Great Mod, How did you remove the original step box, all in one piece? how's it attached ?
Thanks,
Ron


----------



## sonomaguy

It is screwed to the floor in front and I think from on top or inside. Screws are behind the rub. You may have to pull it off first.


----------



## Oregon_Camper

rcnanman said:


> Great Mod, How did you remove the original step box, all in one piece? how's it attached ?
> Thanks,
> Ron


Look around the carpet. They simply screwed throught the carpet, so you should be able to find the screws holding it together.


----------



## Tourdfox

Just finished the step mod.Less than an hr rounding up tools clean up and putting thing away.Had to knock the dust off some of my flooring tools but having an electric carpet tacker made the job easy.And not being scared of cutting the carpet open to remove the top step helped.You do not need to remove the whole box.You can feel a slight ridge around the top where the tread is attatched to the box.Find that and cut the carpet on the 3 sides.Remove the carpet and from there then you can see what needs to be done.Probably the easiest mod i've done so far.


----------



## sonomaguy

I did not have to remove the box, but I made mine bigger and taller. It seemed short and kind of narrow for us.


----------



## Tourdfox

sonomaguy said:


> I did not have to remove the box, but I made mine bigger and taller. It seemed short and kind of narrow for us.

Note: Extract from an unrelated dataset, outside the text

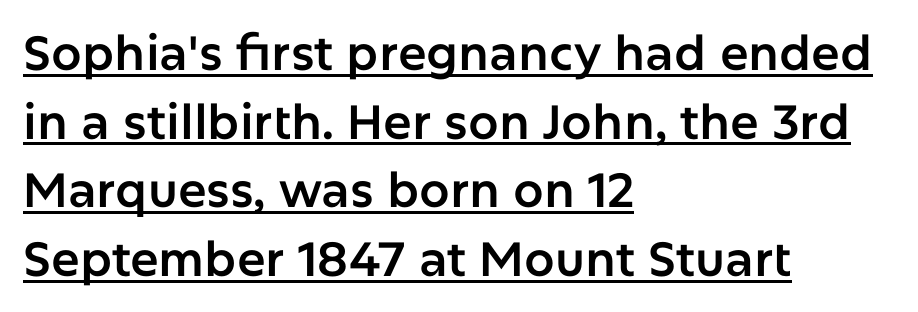
The image shows 48 px sans-serif type, upright; set left-aligned, normal line spacing (1.43x), normal letter spacing, underlined; low stroke contrast and a medium x-height.

Bigger is definately not a bad idea.Was a last minute decision to do mine so i kept it the same size with a removable top without hinges.


----------



## rcnanman

Thanks for the info on how to get to the inside of the box.


----------



## wileydog

Well, I finally did it...converted my bed step to storage....rear storage.

I am in a 2012 250RS for reference. The step, if anyone is interested, is nothing but an empty box that is screwed to the floor/rear wall carpet by 5 screws (2 on top, 3 on the bottom). All the screws are driven through the box, so if you feel around, you should be able to find them. The carpet on the box is not connected to the back wall carpet. Once the screws are out, the box will come off. I simply pulled hard and it came out (was trying to pull back the carpet). The carpet on the back wall goes all the way down, as well as the linoleum floor, so all you really have are the three screw holes in the floor (you won't see the ones in the carpet).

I made a new box to replace the old as I wanted something bigger. Mine is 12 inches high, 48 inches wide and 16 inches long. Once I fashioned it against the back board, I cut through the plywood to the outside...my main goal was to extend the rear storage. That was probably the scariest part..but there is nothing but plywood, probably half inch. I carpeted the inside box and screwed the new top on (carpeting the box was the hardest part...I don't do carpet very well). Next I put in some insulation using some foil bubble wrap (really not the best insulation, but I had some left when I wrapped my water heater).

So, the reward for me is..I now have a place to put my spare tire (had been keeping it up front under the bunk as I needed to move from the bumper for bikes). Fits perfect. Enough room to put in all my hoses and extension cords....now they don't fall out when I open the back storage.

I don't mind the larger box, I used to put my feet up on the smaller one anyway when sitting on the small couch. Now I can really lay them up there.

The whole thing cost me around $60 (board, remnant carpet, screws) and maybe about 4 hours of my time.

I am happy with the mod. Hope this helps others thinking of this........


----------